### TRY IT:
The response should consist of the data below, copied exactly, with no pictures in it.

### SUPPLIED INFORMATION:

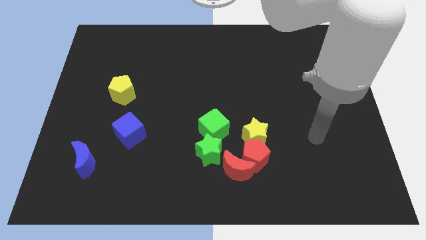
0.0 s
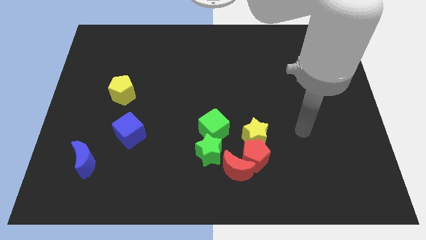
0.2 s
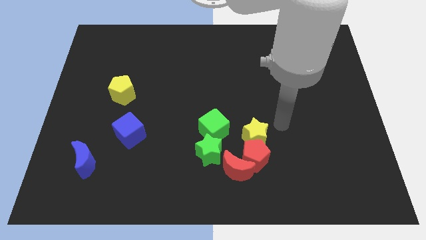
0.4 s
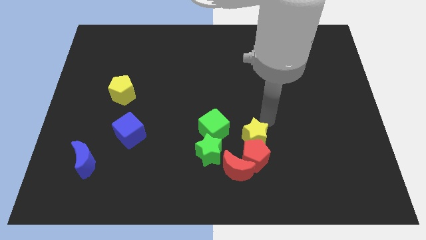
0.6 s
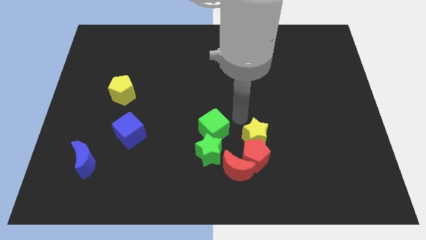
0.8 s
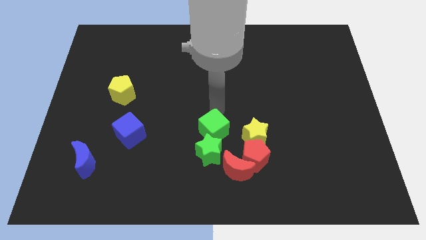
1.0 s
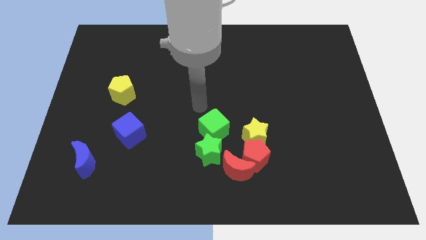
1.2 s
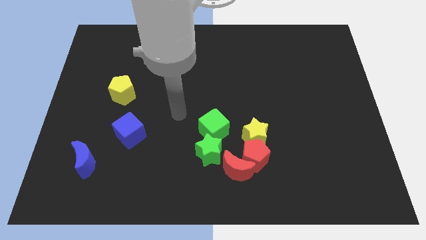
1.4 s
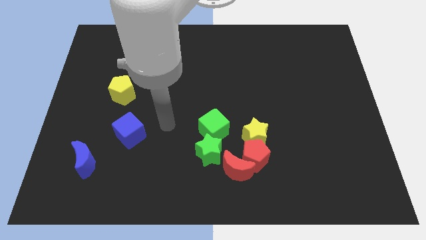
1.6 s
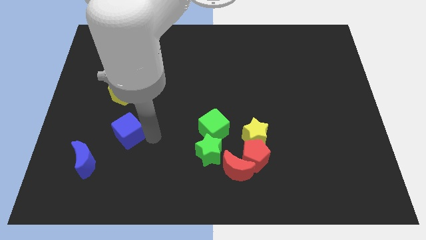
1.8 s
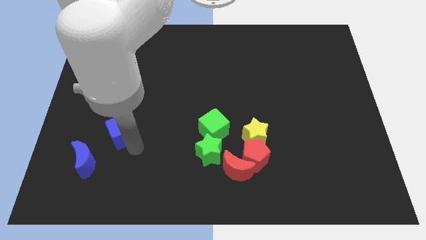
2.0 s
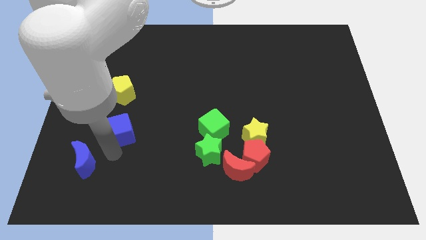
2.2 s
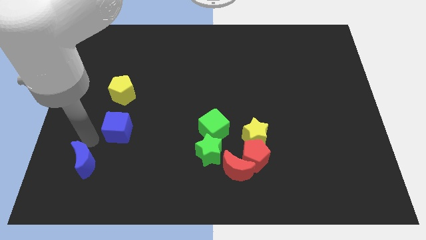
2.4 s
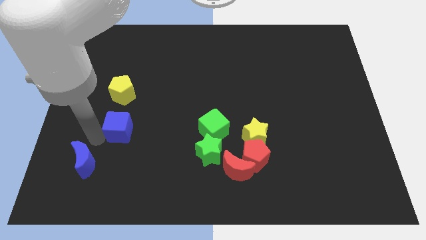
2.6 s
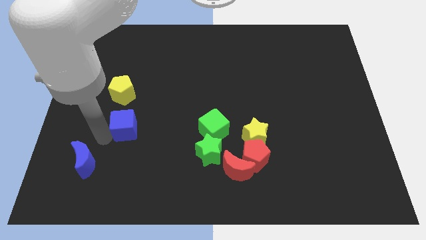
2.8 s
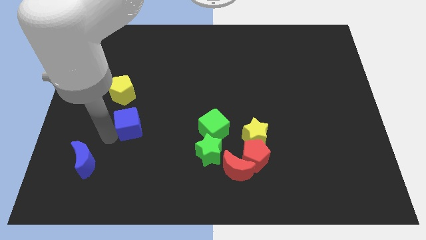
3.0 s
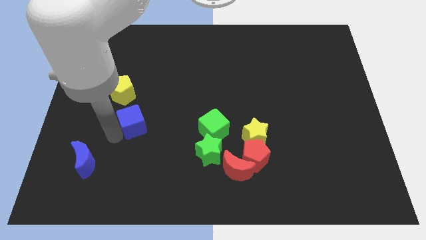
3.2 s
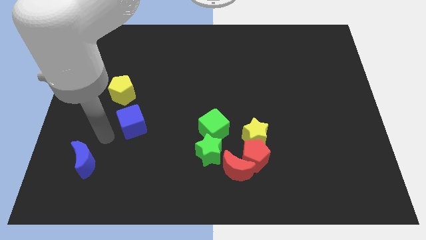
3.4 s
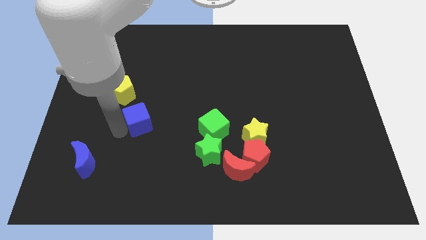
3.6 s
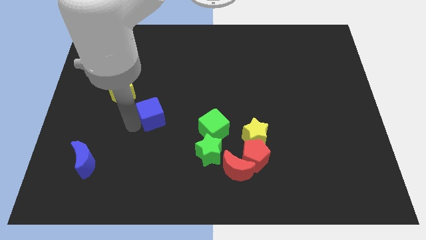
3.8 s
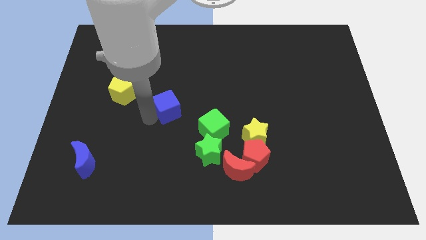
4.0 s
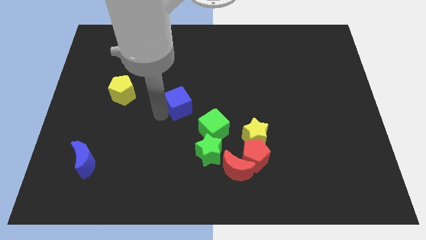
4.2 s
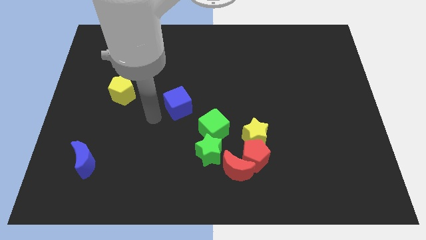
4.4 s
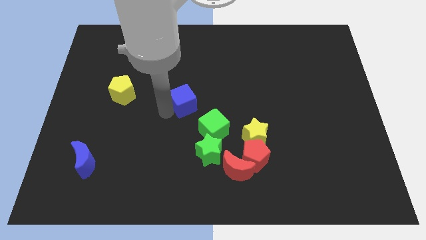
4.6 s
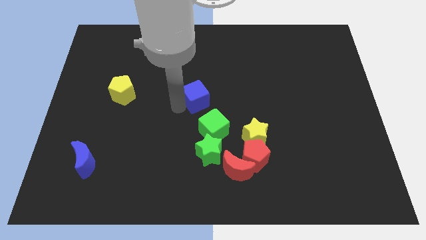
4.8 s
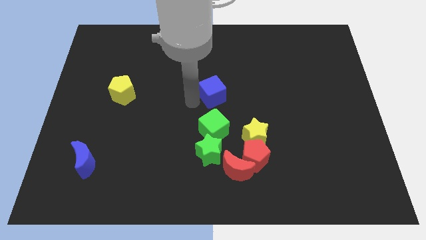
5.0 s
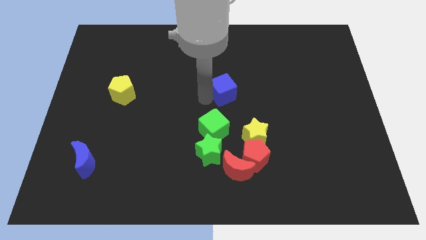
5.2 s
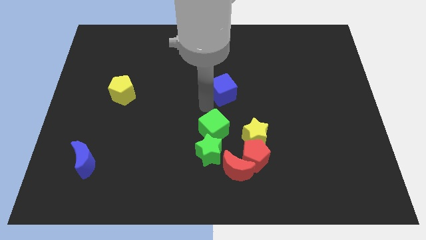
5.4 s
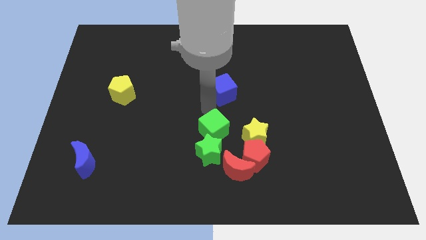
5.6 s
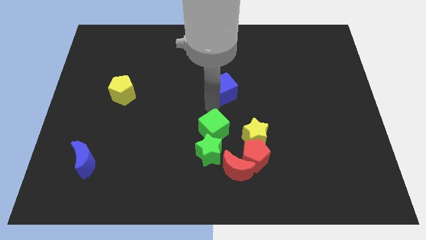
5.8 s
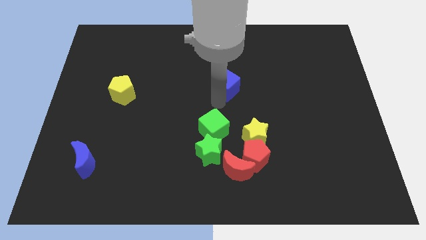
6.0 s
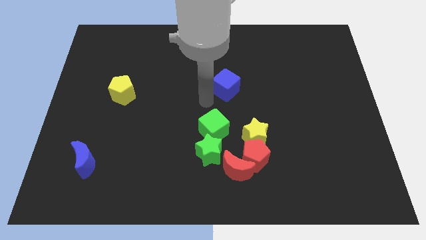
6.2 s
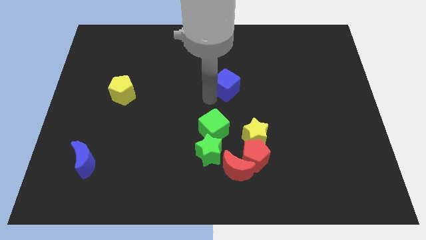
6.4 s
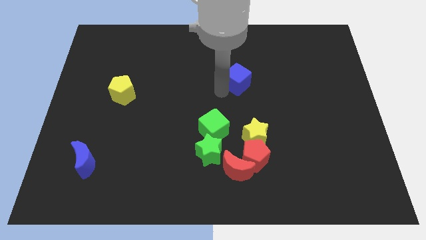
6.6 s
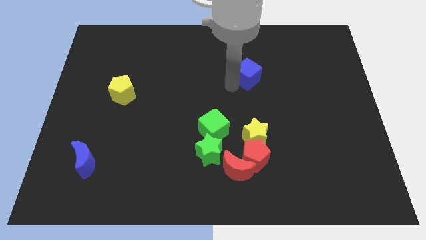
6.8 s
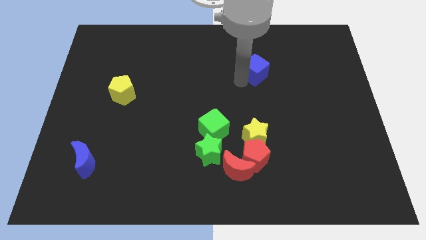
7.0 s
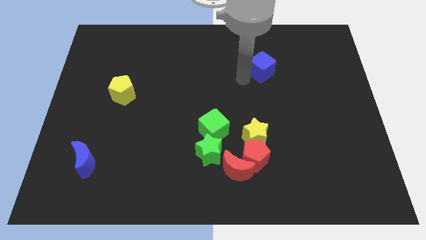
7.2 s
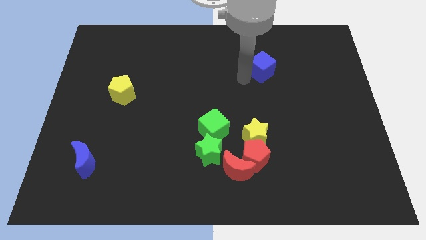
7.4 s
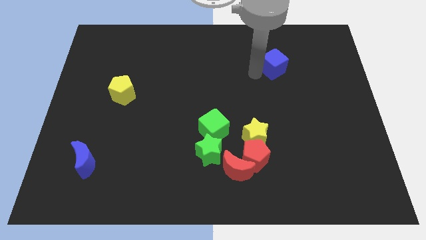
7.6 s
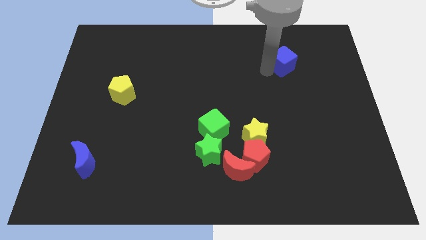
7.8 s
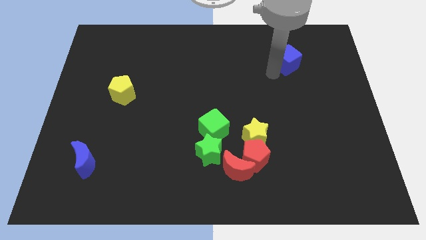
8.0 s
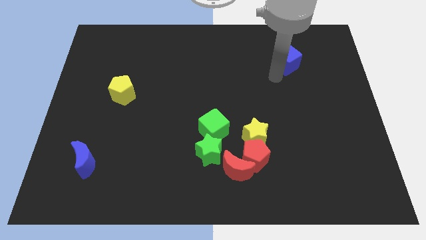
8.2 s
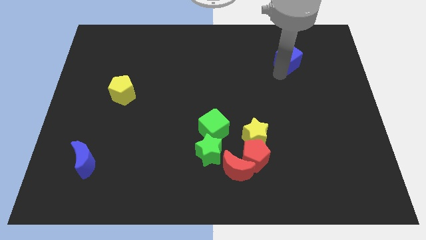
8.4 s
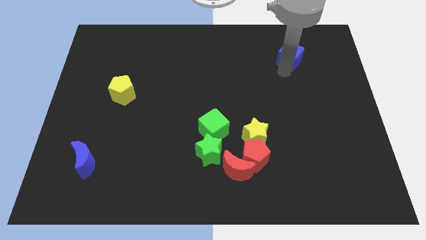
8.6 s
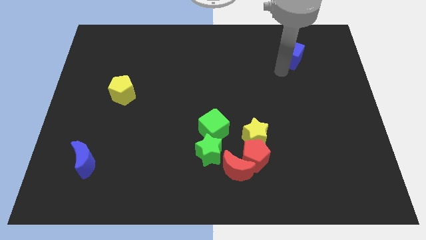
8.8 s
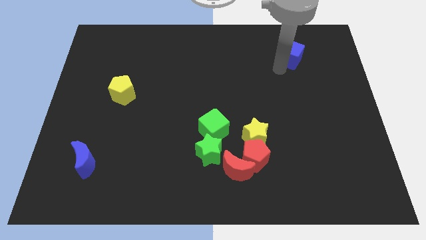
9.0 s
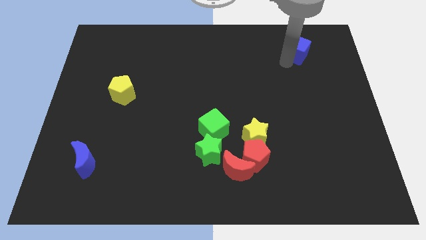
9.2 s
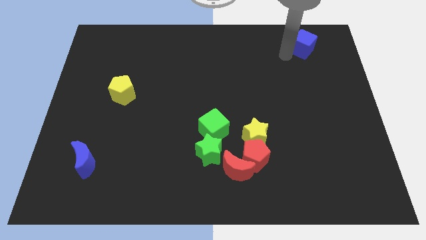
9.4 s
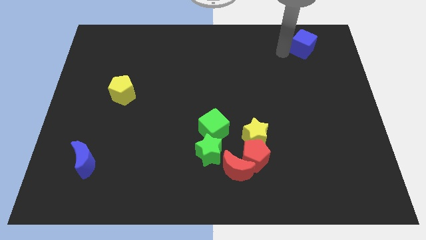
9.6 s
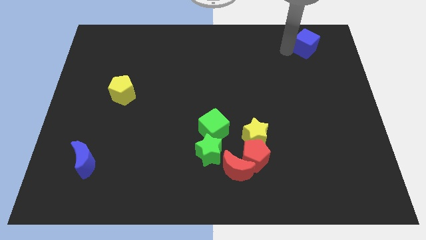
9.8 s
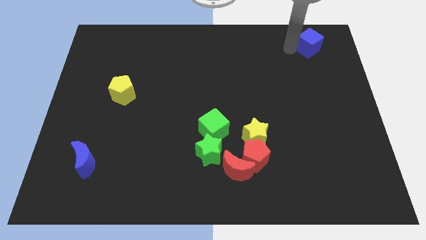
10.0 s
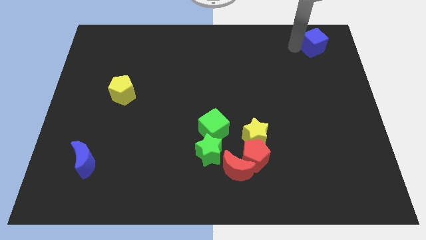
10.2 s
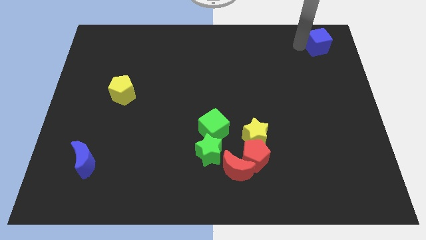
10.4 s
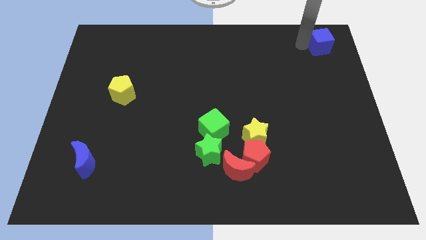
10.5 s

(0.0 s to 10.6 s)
slide the blue cube to the top right

### PROBLEM SOLUTION:
0.0 s
0.2 s
0.4 s
0.6 s
0.8 s
1.0 s
1.2 s
1.4 s
1.6 s
1.8 s
2.0 s
2.2 s
2.4 s
2.6 s
2.8 s
3.0 s
3.2 s
3.4 s
3.6 s
3.8 s
4.0 s
4.2 s
4.4 s
4.6 s
4.8 s
5.0 s
5.2 s
5.4 s
5.6 s
5.8 s
6.0 s
6.2 s
6.4 s
6.6 s
6.8 s
7.0 s
7.2 s
7.4 s
7.6 s
7.8 s
8.0 s
8.2 s
8.4 s
8.6 s
8.8 s
9.0 s
9.2 s
9.4 s
9.6 s
9.8 s
10.0 s
10.2 s
10.4 s
10.5 s

(0.0 s to 10.6 s)
slide the blue cube to the top right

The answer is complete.